As a liberator of others, Geralt has the greatest opportunities when it comes to questions of nationalism.  Since poor broken Velen is part of the shattered kingdom of Temeria, now swallowed by Nilfgaard and Redania like wartime Poland, I had plenty of opportunities to see people harmed by the machinations of empire.  People would hide their Temerian flags that used to hang in their village pub for fear of Nilfgaardian soldiers burning the place to the ground, while Geralt occasionally makes contact with Temerian resistance fighters and can decide whether or not to help them.  In every case I can think of where I had the chance, I chose to help the resistance, against both Nilfgaard and Redania.  Only one of those exchanges was violent, attacking some Nilfgaardian soldiers to liberate a village, and the rest were largely humanitarian.  Neither of the two empires, despite their promises, were out to help the peasants, but the resistance soldiers were keenly aware of poverty, famine and so on, and so supporting their efforts to provide welfare for the people made perfect sense.  The game gives many such opportunities, and it felt good to be able to choose to do so rather than simply be forced by consequence of driving the central plot forward.  My stake in their success was personal.

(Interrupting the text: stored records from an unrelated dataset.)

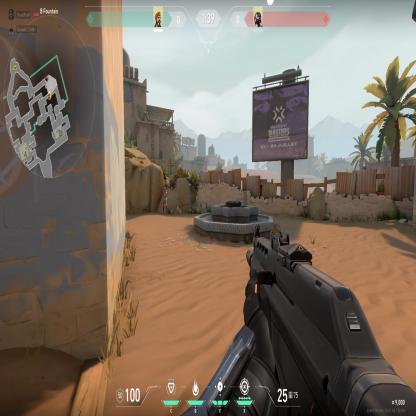
Label: enemy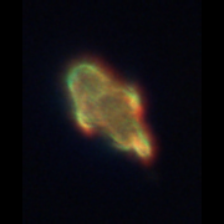
Taxon: Akashiwo
Group: Dinoflagellates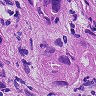
Metastatic tissue present: yes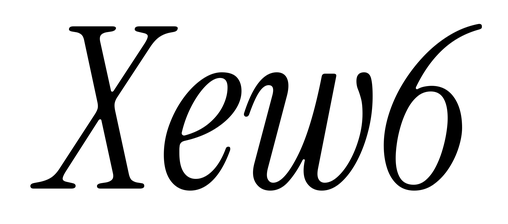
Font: InstrumentSerif-Italic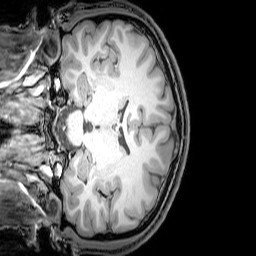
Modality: T1w
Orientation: coronal
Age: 20
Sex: male
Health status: healthy
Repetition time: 0.081 s
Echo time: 0.037 s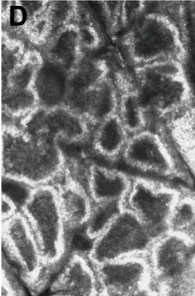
RCM pictures. (D) The RCM pictures of the fifth proband.
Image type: pathology (immunostaining)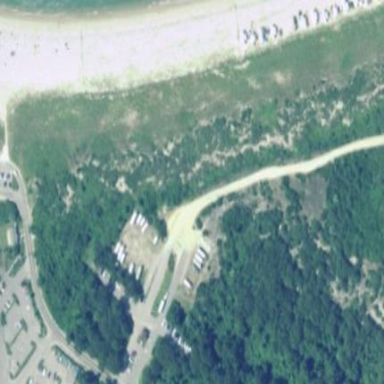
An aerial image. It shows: Sandy beach with campsite popular for tourism.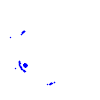
Particle: kaon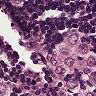
Metastatic tissue present: yes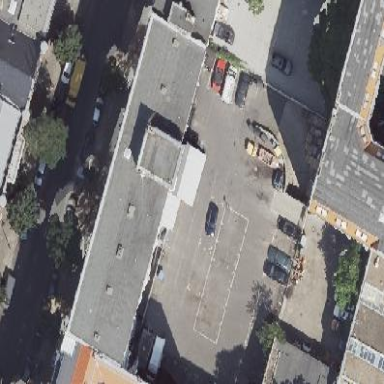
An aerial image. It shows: Commercial building.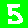
Digit: 5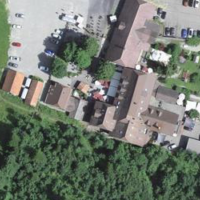
EUNIS habitat code: 43
Species observed at this site:
Petasites hybridus
Petasites albus
Equisetum sylvaticum
Filipendula ulmaria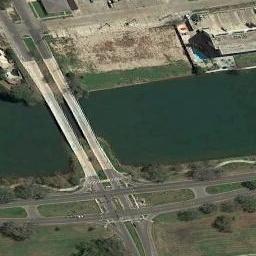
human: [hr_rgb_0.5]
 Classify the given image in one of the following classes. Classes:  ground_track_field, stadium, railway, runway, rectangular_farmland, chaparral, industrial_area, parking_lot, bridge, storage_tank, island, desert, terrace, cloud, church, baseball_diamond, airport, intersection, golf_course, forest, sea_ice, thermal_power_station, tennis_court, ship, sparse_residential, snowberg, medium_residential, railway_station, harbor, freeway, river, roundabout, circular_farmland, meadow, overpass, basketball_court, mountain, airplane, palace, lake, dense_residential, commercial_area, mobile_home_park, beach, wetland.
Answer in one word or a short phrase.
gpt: bridge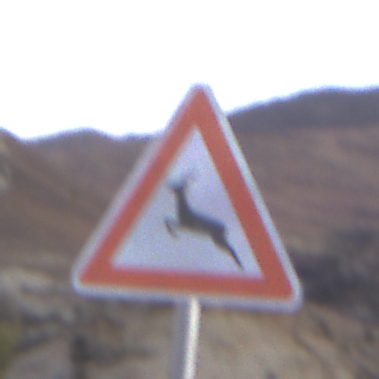
Verkehrszeichen: WildwechselRechts
Umgebung: Outdoor, Nature
Tageszeit: Dusk
Wetter: Clear
Licht: Natural
Jahreszeit: NotSpecified
Kontrast: LowContrast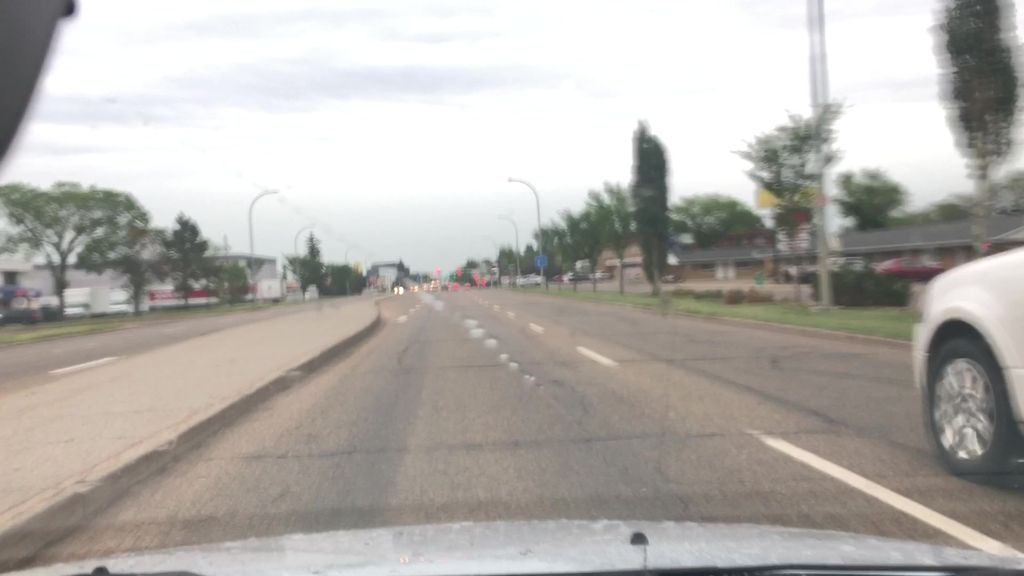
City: edmonton

So, naturally, when the chance arose to take part in the assassination of King Radovid alongside various Temerian resistance fighters and the Machiavellian manipulator, Djikstra, I couldn’t refuse.  Djikstra used to be the spymaster of Redania, back before Radovid and the mad religion of the Eternal Flame ruined it, and he looks wistfully back to an age of reason, with fair courts, a strong arm against corruption, and people who were secure and healthy.  His reason for killing the king is largely patriotic, but it sounds pretty fair in the geopolitical circumstances, so anarchist Geralt lets it slide for the time being.

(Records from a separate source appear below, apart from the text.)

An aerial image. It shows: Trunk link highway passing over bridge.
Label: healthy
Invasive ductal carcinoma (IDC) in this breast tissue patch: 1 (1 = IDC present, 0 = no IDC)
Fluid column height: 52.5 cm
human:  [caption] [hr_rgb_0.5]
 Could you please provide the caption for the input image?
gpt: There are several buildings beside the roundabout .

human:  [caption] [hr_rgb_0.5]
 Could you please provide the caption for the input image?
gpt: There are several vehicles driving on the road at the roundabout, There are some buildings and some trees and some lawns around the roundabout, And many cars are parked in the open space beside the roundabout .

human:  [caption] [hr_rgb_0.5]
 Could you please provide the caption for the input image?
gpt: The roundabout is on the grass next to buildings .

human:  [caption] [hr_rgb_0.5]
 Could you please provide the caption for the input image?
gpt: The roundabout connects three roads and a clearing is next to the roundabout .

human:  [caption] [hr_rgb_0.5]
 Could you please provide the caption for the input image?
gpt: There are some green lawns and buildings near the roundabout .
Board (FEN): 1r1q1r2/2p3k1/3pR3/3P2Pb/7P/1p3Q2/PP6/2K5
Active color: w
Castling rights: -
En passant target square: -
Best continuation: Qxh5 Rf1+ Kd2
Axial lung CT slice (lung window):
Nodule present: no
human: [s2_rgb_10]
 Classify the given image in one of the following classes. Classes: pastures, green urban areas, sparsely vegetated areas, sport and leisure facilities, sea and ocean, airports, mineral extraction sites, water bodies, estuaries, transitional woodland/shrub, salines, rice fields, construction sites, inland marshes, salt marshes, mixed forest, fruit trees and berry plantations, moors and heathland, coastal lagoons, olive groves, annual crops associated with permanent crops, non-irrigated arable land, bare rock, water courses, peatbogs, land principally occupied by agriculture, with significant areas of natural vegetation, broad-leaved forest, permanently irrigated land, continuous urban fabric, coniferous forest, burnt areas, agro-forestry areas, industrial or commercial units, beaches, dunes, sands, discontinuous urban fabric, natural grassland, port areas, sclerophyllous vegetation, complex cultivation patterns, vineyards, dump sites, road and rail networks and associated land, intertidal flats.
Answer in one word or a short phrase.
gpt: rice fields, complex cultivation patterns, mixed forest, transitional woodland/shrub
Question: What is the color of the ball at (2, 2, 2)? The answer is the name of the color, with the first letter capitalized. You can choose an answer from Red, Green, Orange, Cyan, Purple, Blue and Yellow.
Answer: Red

Once the job is done and we’ve nailed Radovid, though, Djikstra turns on his Temerian comrades.  Their plan had been to submit to Nilfgaard as a client state, so that they could at least run their own legal and social systems with relative autonomy.  Djikstra, however, is a nationalist at heart, and he’d done another deal on the sly, to hand over the old Temerian lands to a new coalition of northern kingdoms that could fight Nilfgaard under singular Redanian command.  He tells me that he has no choice but to kill his erstwhile Temerian allies with whom we’d worked, and that I ought to leave so that I didn’t have to see it.

Aside from the interpersonal issue of the fact that killing your revolution buddies after a successful regicide makes you a total dick, I also chose to defend them because I was in no hurry to betray the political choices and autonomy of Temeria as they themselves saw fit. I killed Djikstra, an ally for most of the game and a character I found quite likeable, but it was made easier by the fact that he described himself as a patriot – ultimately, humanitarian concern was beneath him, and he would rather let thousands die for his (not even their own!) nation than give them a break and let them keep their own courts and customs.

The issue of religion, too, gave plenty of room for political exploration.  The depiction of different aspects of different faiths is sensitively done in this game, perhaps more than any I’d ever played.  Making decisions about when to beat the shit out of someone for their faith’s crimes and when to try and protect believers from the machinations of bullying rationalism was consistently thoughtful.  On the one hand, any time the Spanish Inquisition bastardry of the Eternal Flame nutters got out of hand, I could violently overthrow them, tear down the propaganda, and generally punish them for their oppressive ways.

On the other hand, I also took on quite a funny quest around the swamps of Velen, after several pagan shrines had been knocked over by unknown hooligans.  Reaching the final shrine to put upright, I found myself confronted by them: a gang of snivelling, virginal Richard Dawkinses, university students all, who were spouting (verbatim) famous adages from Nietzsche’s Beyond Good and Evil and claiming that they were fighting evil by attacking the ignorant religion of the commoners.  Luckily they attacked me – I wouldn’t have chosen to use religious violence against atheism, since I am one and since religious violence sucks – and so I had the digital delight of running a sword through Sam Harris’s idiot fan club of New Atheists.  The fact that they initiated the violence rather than me reflected the inherent ugliness of their creed: in the name of reason, I must die?  How very Iraq War.  It felt good that even in death I could somehow tell Christopher Hitchens to go fuck himself.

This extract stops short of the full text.